Exercise:
The reply is a verbatim copy of the listing below with its images dropped.

Material supplied:
__________________________________________________
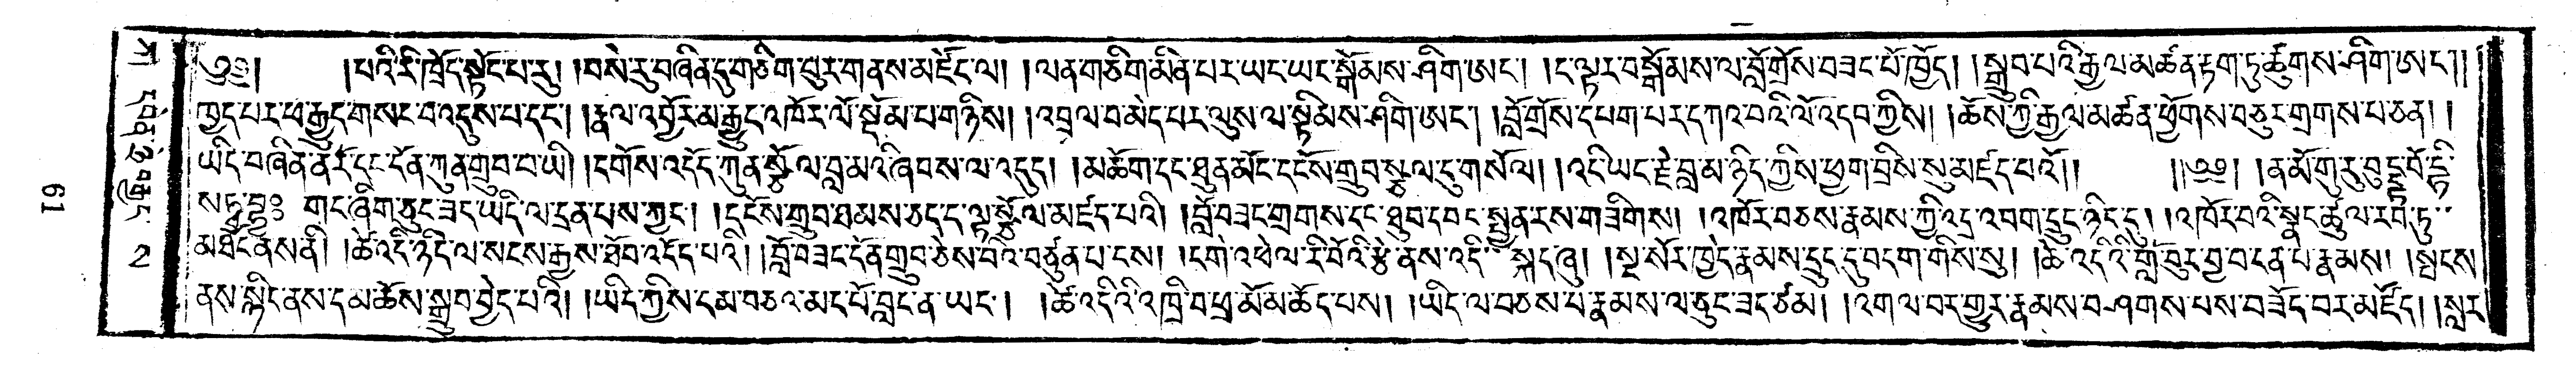༄༅། །པའི་རི་ཁྲོད་སྟོང་པ་རུ། །བསེ་རུ་བཞིན་དུ་གཅིག་པུར་གནས་མཛོད་ལ། །ལན་གཅིག་མིན་པར་ཡང་ཡང་སྒོམས་ཤིག་ནག། །ད་ལྟར་བསྒོམས་ལ་བློ་གྲོས་བཟང་པོ་ཁྱོད། །སྒྲུབ་པའི་རྒྱལ་མཚན་རྟག་ཏུ་ཚུགས་ཤིག་ནག།།
ཁྱད་པར་ཕ་རྒྱུད་གསང་བ་འདུས་པ་དང་། །རྣལ་འབྱོར་མ་རྒྱུད་འཁོར་ལོ་སྡོམ་པ་གཉིས། །འབྲལ་བ་མེད་པར་ལུས་ལ་སྟིམས་ཤིག་ཨང་། །བློ་གྲོས་དཔག་པར་དཀའ་བའི་ལོ་འདབ་ཀྱིས། །ཆོས་ཀྱི་རྒྱལ་མཚན་ཕྱོགས་བཅུར་གྲགས་པ་ཅན། །
ཡིད་བཞིན་ནོར་དང་དོན་ཀུན་གྲུབ་པ་ཡི། །དགོས་འདོད་ཀུན་སྩོལ་བླ་མའི་ཞབས་ལ་འདུད། །མཆོག་དང་ཐུན་མོང་དངོས་གྲུབ་སྩལ་དུ་གསོལ། །འདི་ཡང་རྗེ་བླ་མ་ཉིད་ཀྱིས་ཕྱག་བྲིས་སུ་མཛད་པའོ།། །།༄༅། །ན་མོ་གུ་རུ་བུདྡྷ་བོ་དྷི་
སཏྭ་བྷྱཿ གང་ཞིག་ཅུང་ཟད་ཡིད་ལ་དྲན་པས་ཀྱང་། །དངོས་གྲུབ་ཐམས་ཅད་ད་ལྟ་སྩོལ་མཛད་པའི། །བློ་བཟང་གྲགས་དང་ཐུབ་དབང་སྤྱན་རས་གཟིགས། །འཁོར་བཅས་རྣམས་ཀྱི་འདྲ་འབག་དྲུང་ཉིད་དུ། །འཁོར་བའི་སྣང་ཚུལ་རབ་ཏུ་
མཐོང་ནས་ནི། །ཚེ་འདི་ཉིད་ལ་སངས་རྒྱས་ཐོབ་འདོད་པའི། །བློ་བཟང་དོན་གྲུབ་ཅེས་བའི་བཙུན་པ་ངས། །དགེ་འཕེལ་རི་བོའི་རྩེ་ནས་འདི་སྐད་ཞུ། །སྔ་སོར་ཁྱེད་རྣམས་དྲུང་དུ་བདག་གིས་སུ། །ཚེ་འདིའི་གློ་བུར་བྱ་བ་ངན་པ་རྣམས། །སྤངས་
ནས་སྙིང་ནས་དམ་ཆོས་སྒྲུབ་བྱེད་པའི། །ཡིད་ཀྱིས་དམ་བཅའ་མང་པོ་བླང་ན་ཡང་། །ཚེ་འདིའི་འཁྲི་བ་ཕྲ་མོ་མ་ཆོད་པས། །ཡིད་ལ་བཅས་པ་རྣམས་ལ་ཅུང་ཟད་ཙམ། །འགལ་བར་གྱུར་རྣམས་བཤགས་པས་བཟོད་བར་མཛོད། །སླར་
__________________________________________________
Reply:
༄༅། །པའི་རི་ཁྲོད་སྟོང་པ་རུ། །བསེ་རུ་བཞིན་དུ་གཅིག་པུར་གནས་མཛོད་ལ། །ལན་གཅིག་མིན་པར་ཡང་ཡང་སྒོམས་ཤིག་ནག། །ད་ལྟར་བསྒོམས་ལ་བློ་གྲོས་བཟང་པོ་ཁྱོད། །སྒྲུབ་པའི་རྒྱལ་མཚན་རྟག་ཏུ་ཚུགས་ཤིག་ནག།།
ཁྱད་པར་ཕ་རྒྱུད་གསང་བ་འདུས་པ་དང་། །རྣལ་འབྱོར་མ་རྒྱུད་འཁོར་ལོ་སྡོམ་པ་གཉིས། །འབྲལ་བ་མེད་པར་ལུས་ལ་སྟིམས་ཤིག་ཨང་། །བློ་གྲོས་དཔག་པར་དཀའ་བའི་ལོ་འདབ་ཀྱིས། །ཆོས་ཀྱི་རྒྱལ་མཚན་ཕྱོགས་བཅུར་གྲགས་པ་ཅན། །
ཡིད་བཞིན་ནོར་དང་དོན་ཀུན་གྲུབ་པ་ཡི། །དགོས་འདོད་ཀུན་སྩོལ་བླ་མའི་ཞབས་ལ་འདུད། །མཆོག་དང་ཐུན་མོང་དངོས་གྲུབ་སྩལ་དུ་གསོལ། །འདི་ཡང་རྗེ་བླ་མ་ཉིད་ཀྱིས་ཕྱག་བྲིས་སུ་མཛད་པའོ།། །།༄༅། །ན་མོ་གུ་རུ་བུདྡྷ་བོ་དྷི་
སཏྭ་བྷྱཿ གང་ཞིག་ཅུང་ཟད་ཡིད་ལ་དྲན་པས་ཀྱང་། །དངོས་གྲུབ་ཐམས་ཅད་ད་ལྟ་སྩོལ་མཛད་པའི། །བློ་བཟང་གྲགས་དང་ཐུབ་དབང་སྤྱན་རས་གཟིགས། །འཁོར་བཅས་རྣམས་ཀྱི་འདྲ་འབག་དྲུང་ཉིད་དུ། །འཁོར་བའི་སྣང་ཚུལ་རབ་ཏུ་
མཐོང་ནས་ནི། །ཚེ་འདི་ཉིད་ལ་སངས་རྒྱས་ཐོབ་འདོད་པའི། །བློ་བཟང་དོན་གྲུབ་ཅེས་བའི་བཙུན་པ་ངས། །དགེ་འཕེལ་རི་བོའི་རྩེ་ནས་འདི་སྐད་ཞུ། །སྔ་སོར་ཁྱེད་རྣམས་དྲུང་དུ་བདག་གིས་སུ། །ཚེ་འདིའི་གློ་བུར་བྱ་བ་ངན་པ་རྣམས། །སྤངས་
ནས་སྙིང་ནས་དམ་ཆོས་སྒྲུབ་བྱེད་པའི། །ཡིད་ཀྱིས་དམ་བཅའ་མང་པོ་བླང་ན་ཡང་། །ཚེ་འདིའི་འཁྲི་བ་ཕྲ་མོ་མ་ཆོད་པས། །ཡིད་ལ་བཅས་པ་རྣམས་ལ་ཅུང་ཟད་ཙམ། །འགལ་བར་གྱུར་རྣམས་བཤགས་པས་བཟོད་བར་མཛོད། །སླར་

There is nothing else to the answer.